== DATA FOR THE TASK ==
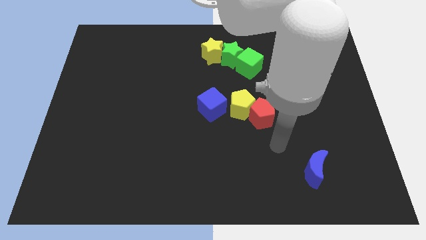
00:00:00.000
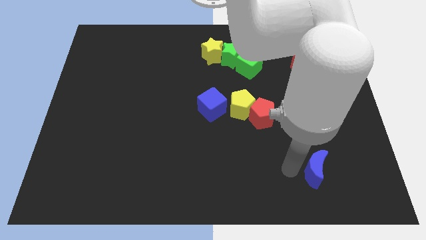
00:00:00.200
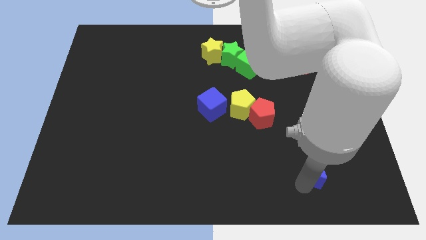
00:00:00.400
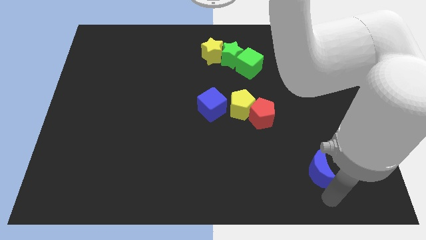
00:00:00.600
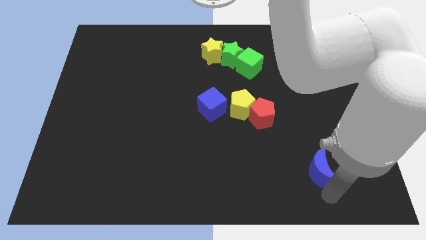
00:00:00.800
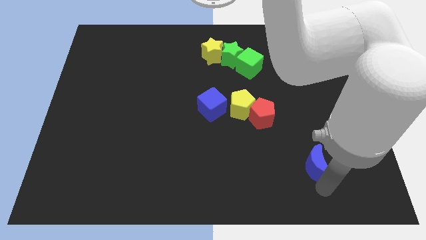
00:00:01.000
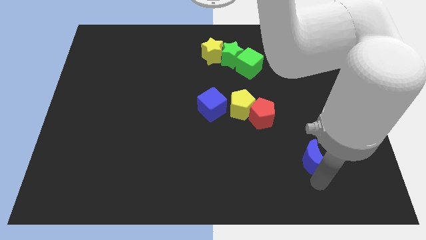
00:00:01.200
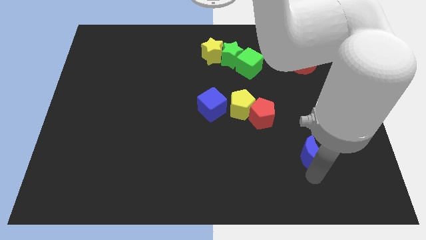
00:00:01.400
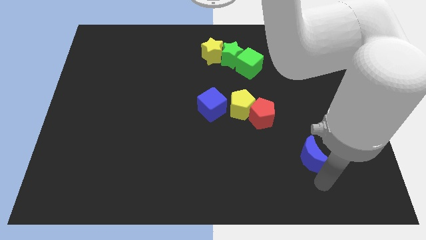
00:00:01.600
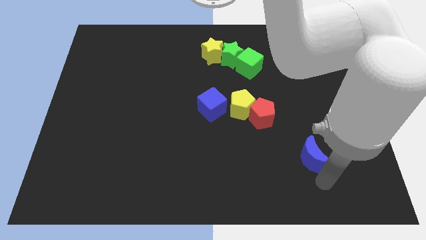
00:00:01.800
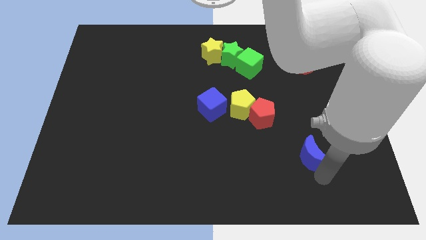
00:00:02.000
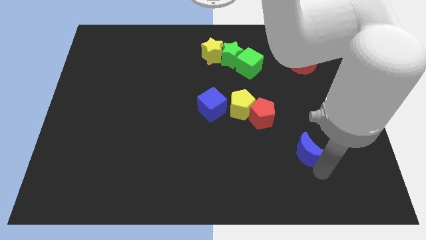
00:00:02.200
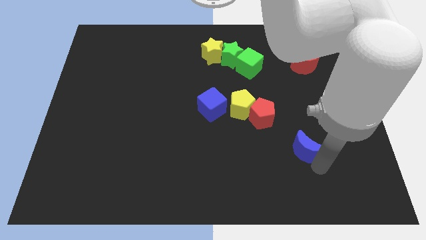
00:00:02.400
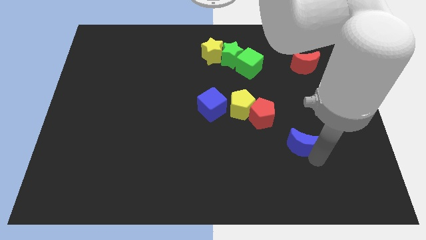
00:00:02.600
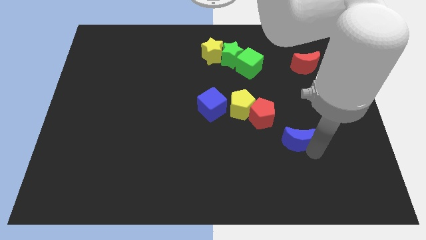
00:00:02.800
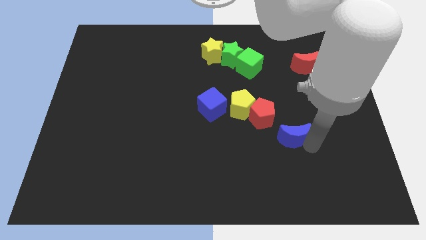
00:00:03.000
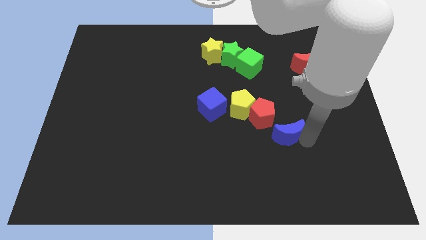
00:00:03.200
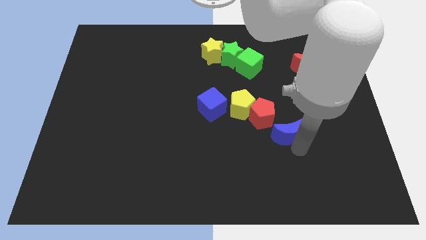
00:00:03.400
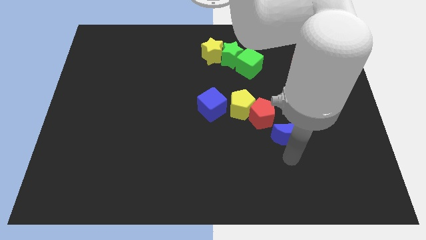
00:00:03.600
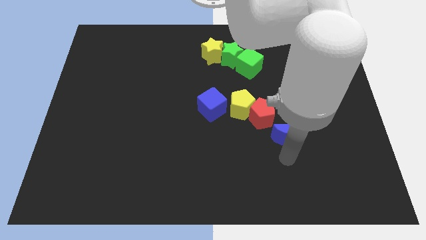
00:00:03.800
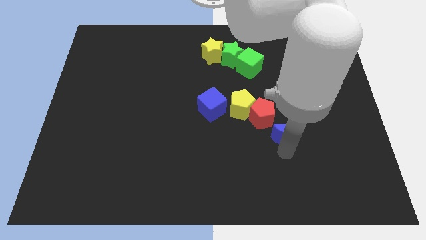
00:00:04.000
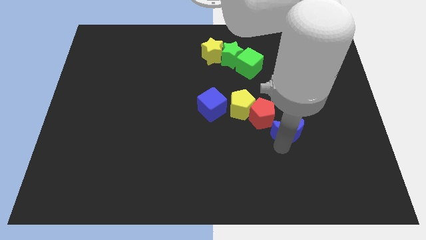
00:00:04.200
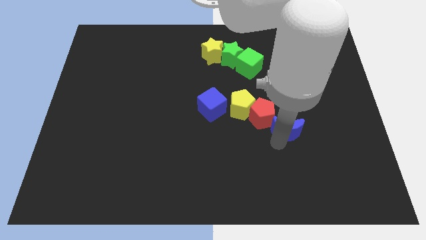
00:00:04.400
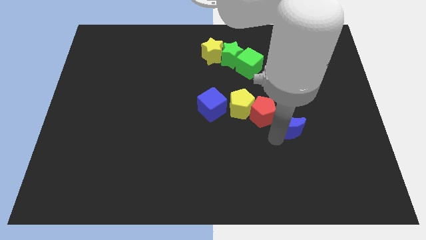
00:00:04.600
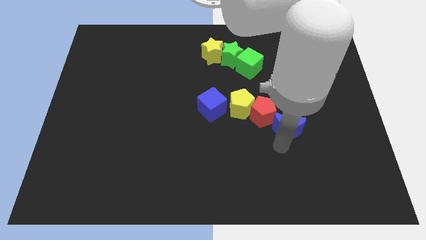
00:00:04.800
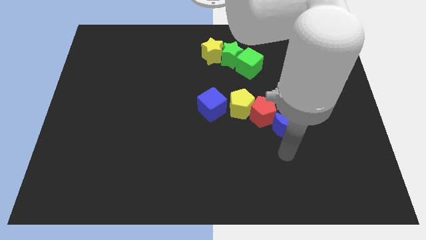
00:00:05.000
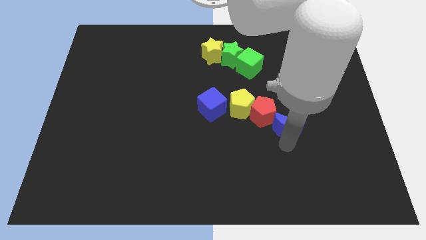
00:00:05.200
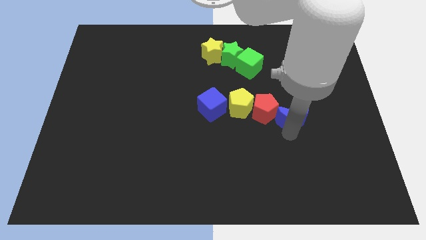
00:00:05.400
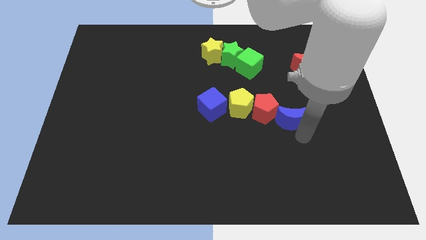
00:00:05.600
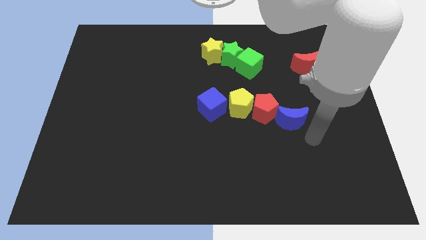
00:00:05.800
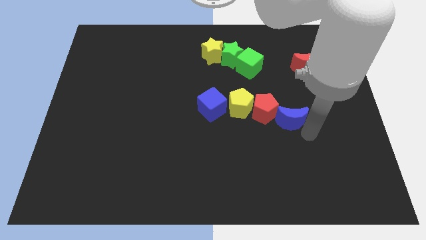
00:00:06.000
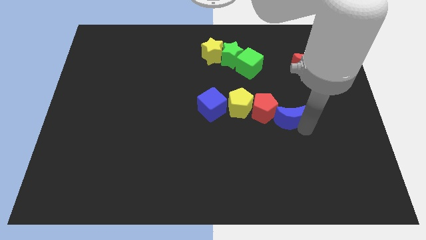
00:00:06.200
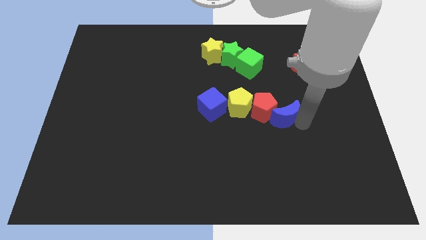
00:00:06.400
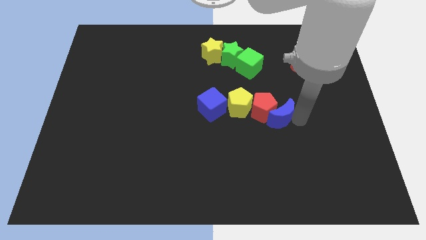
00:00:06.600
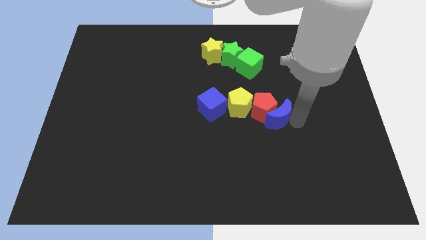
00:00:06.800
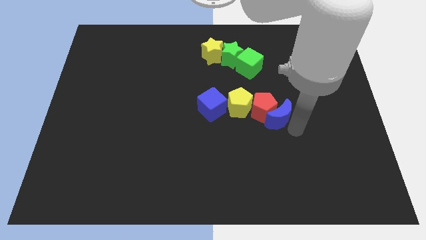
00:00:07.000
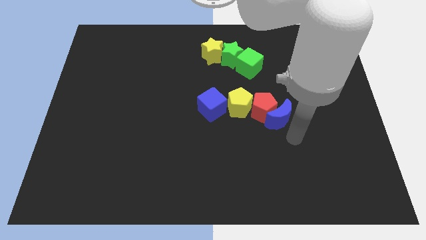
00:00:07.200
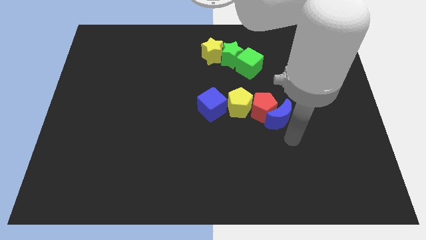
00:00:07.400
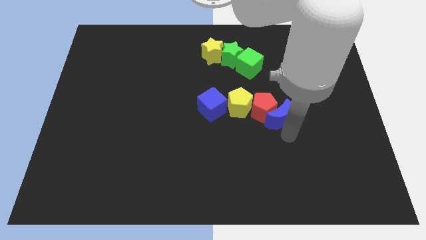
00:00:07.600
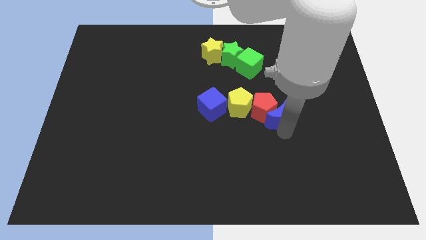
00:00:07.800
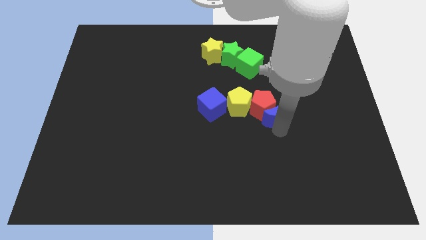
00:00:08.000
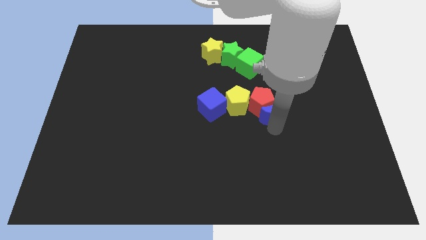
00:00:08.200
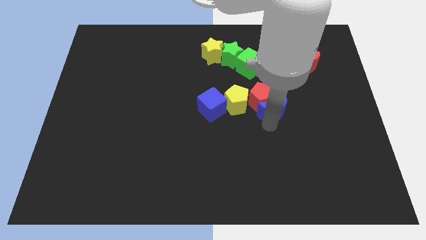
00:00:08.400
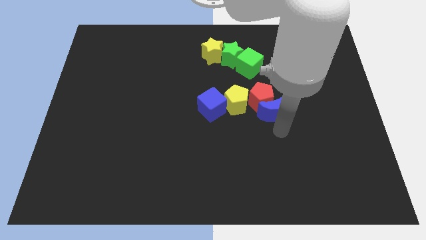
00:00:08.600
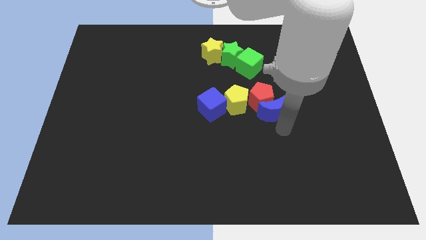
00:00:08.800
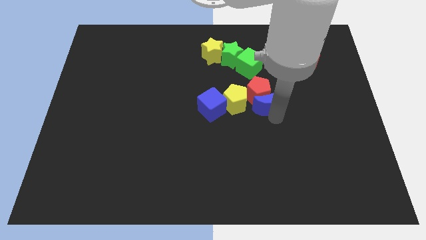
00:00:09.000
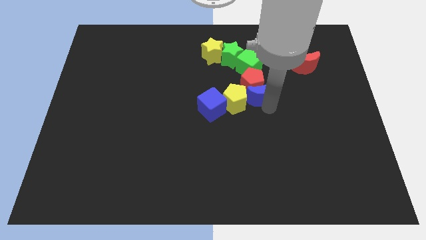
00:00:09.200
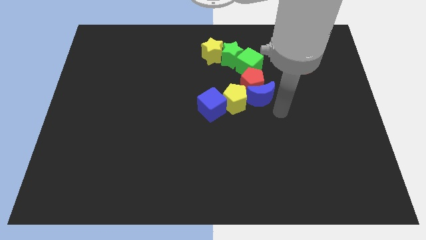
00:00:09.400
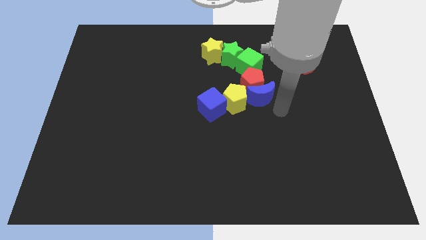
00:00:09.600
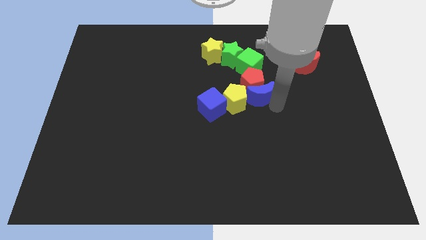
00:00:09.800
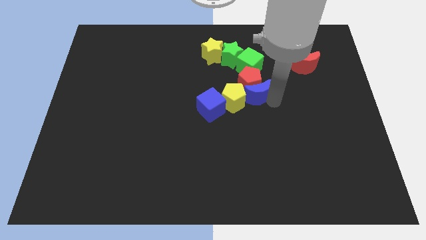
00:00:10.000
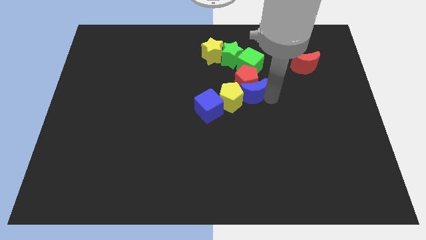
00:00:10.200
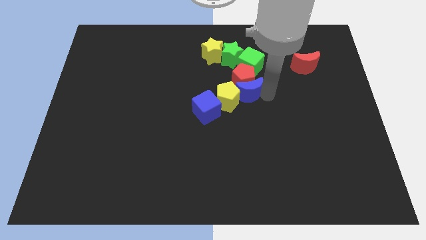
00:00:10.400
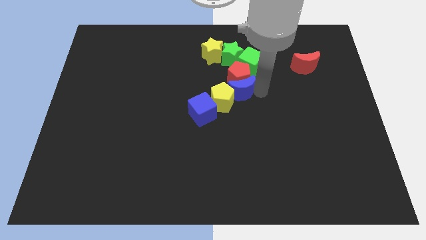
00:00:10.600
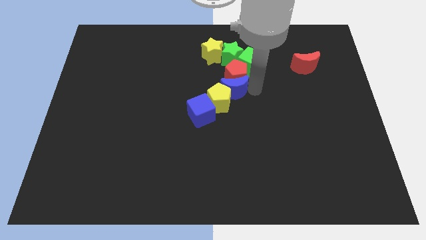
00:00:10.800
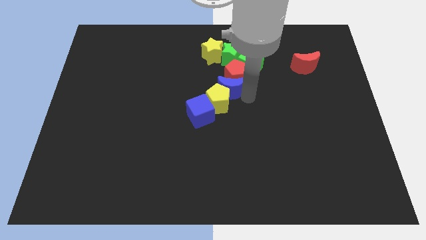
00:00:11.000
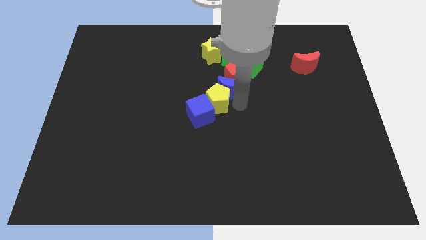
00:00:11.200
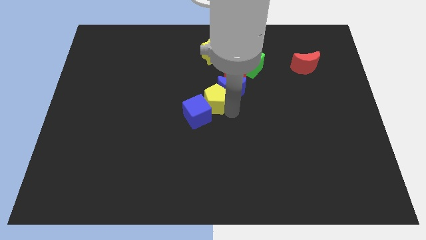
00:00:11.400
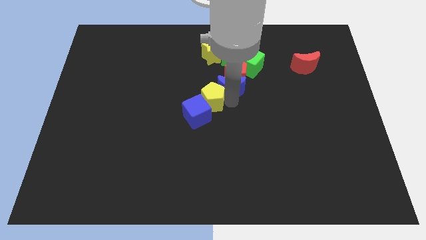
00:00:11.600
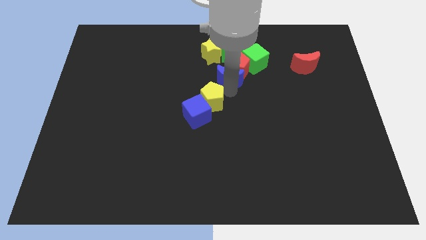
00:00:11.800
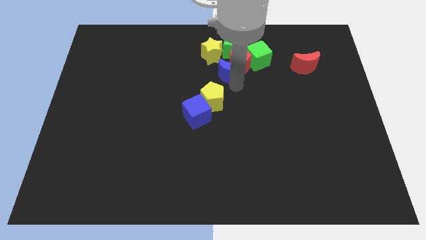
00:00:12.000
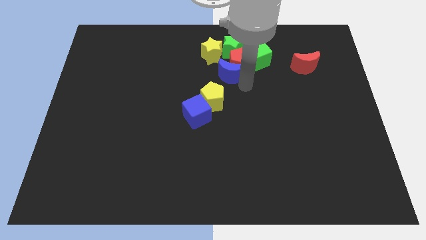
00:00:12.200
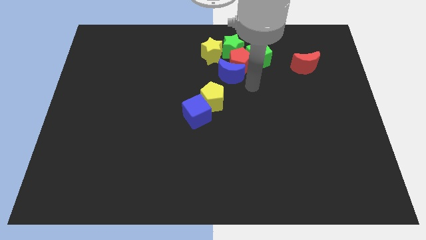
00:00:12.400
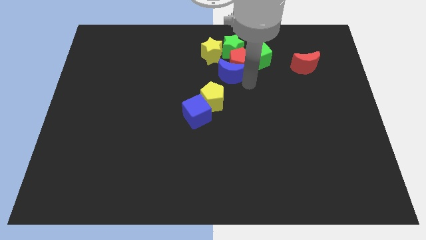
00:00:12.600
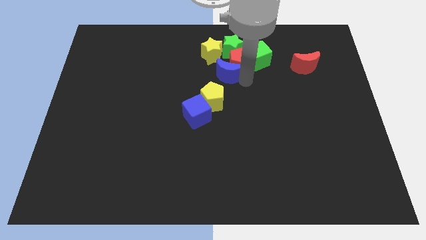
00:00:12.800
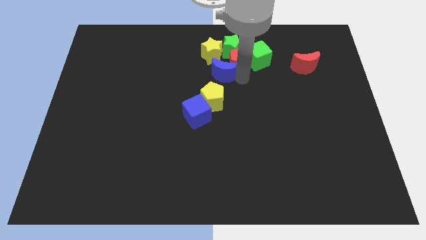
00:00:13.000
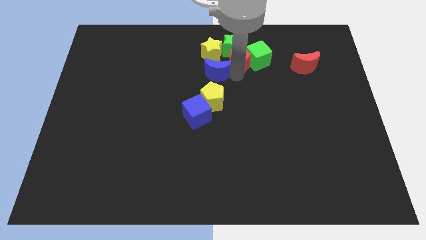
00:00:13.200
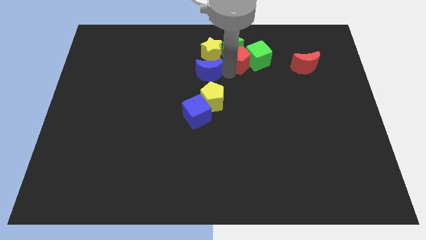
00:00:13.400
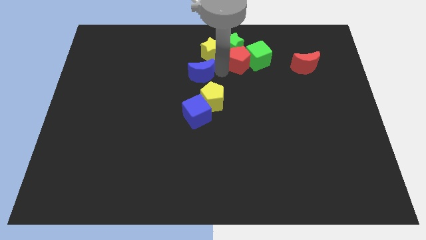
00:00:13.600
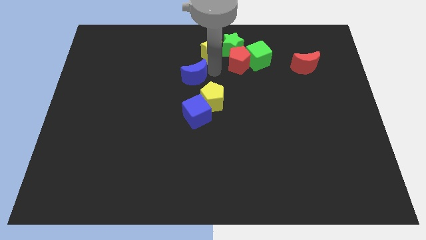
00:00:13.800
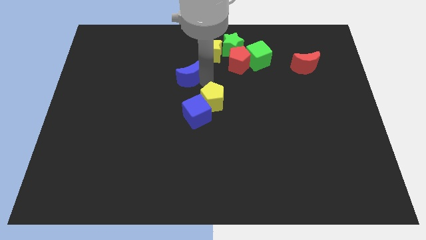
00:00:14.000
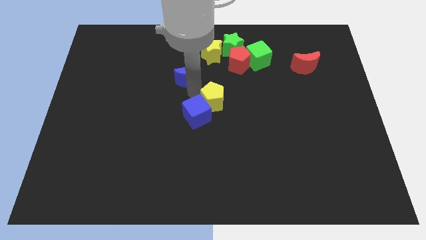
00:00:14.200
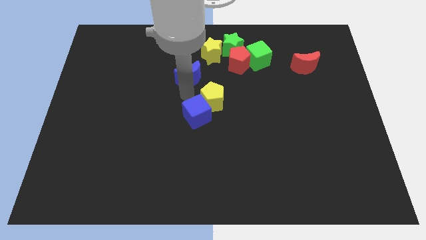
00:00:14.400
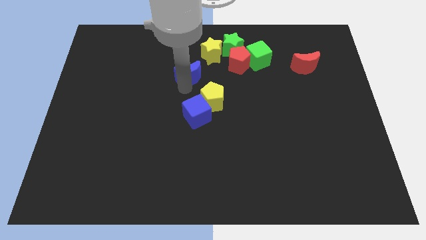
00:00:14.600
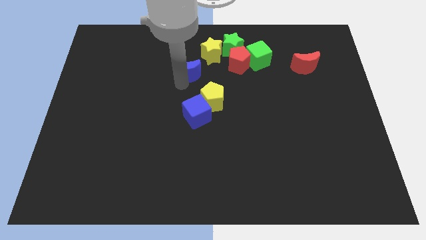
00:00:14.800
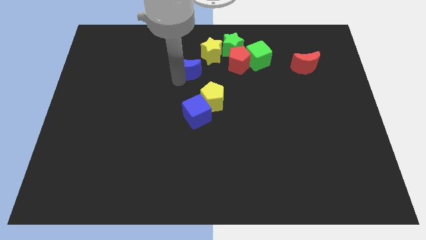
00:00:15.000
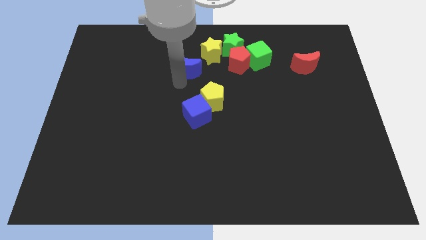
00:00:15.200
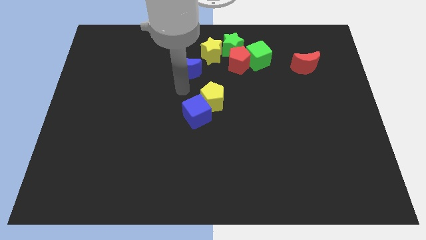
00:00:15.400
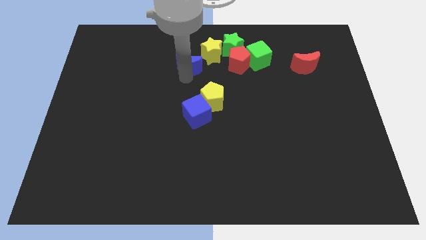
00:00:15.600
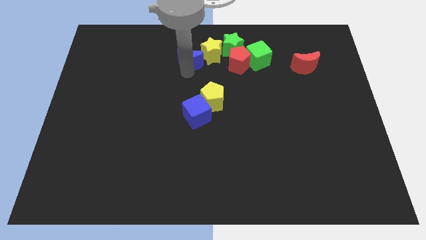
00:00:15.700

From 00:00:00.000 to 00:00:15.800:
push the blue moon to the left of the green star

== YOUR GOAL ==
For this exercise, please reproduce the records above exactly and drop the images.

== YOUR SOLUTION ==
00:00:00.000
00:00:00.200
00:00:00.400
00:00:00.600
00:00:00.800
00:00:01.000
00:00:01.200
00:00:01.400
00:00:01.600
00:00:01.800
00:00:02.000
00:00:02.200
00:00:02.400
00:00:02.600
00:00:02.800
00:00:03.000
00:00:03.200
00:00:03.400
00:00:03.600
00:00:03.800
00:00:04.000
00:00:04.200
00:00:04.400
00:00:04.600
00:00:04.800
00:00:05.000
00:00:05.200
00:00:05.400
00:00:05.600
00:00:05.800
00:00:06.000
00:00:06.200
00:00:06.400
00:00:06.600
00:00:06.800
00:00:07.000
00:00:07.200
00:00:07.400
00:00:07.600
00:00:07.800
00:00:08.000
00:00:08.200
00:00:08.400
00:00:08.600
00:00:08.800
00:00:09.000
00:00:09.200
00:00:09.400
00:00:09.600
00:00:09.800
00:00:10.000
00:00:10.200
00:00:10.400
00:00:10.600
00:00:10.800
00:00:11.000
00:00:11.200
00:00:11.400
00:00:11.600
00:00:11.800
00:00:12.000
00:00:12.200
00:00:12.400
00:00:12.600
00:00:12.800
00:00:13.000
00:00:13.200
00:00:13.400
00:00:13.600
00:00:13.800
00:00:14.000
00:00:14.200
00:00:14.400
00:00:14.600
00:00:14.800
00:00:15.000
00:00:15.200
00:00:15.400
00:00:15.600
00:00:15.700

From 00:00:00.000 to 00:00:15.800:
push the blue moon to the left of the green star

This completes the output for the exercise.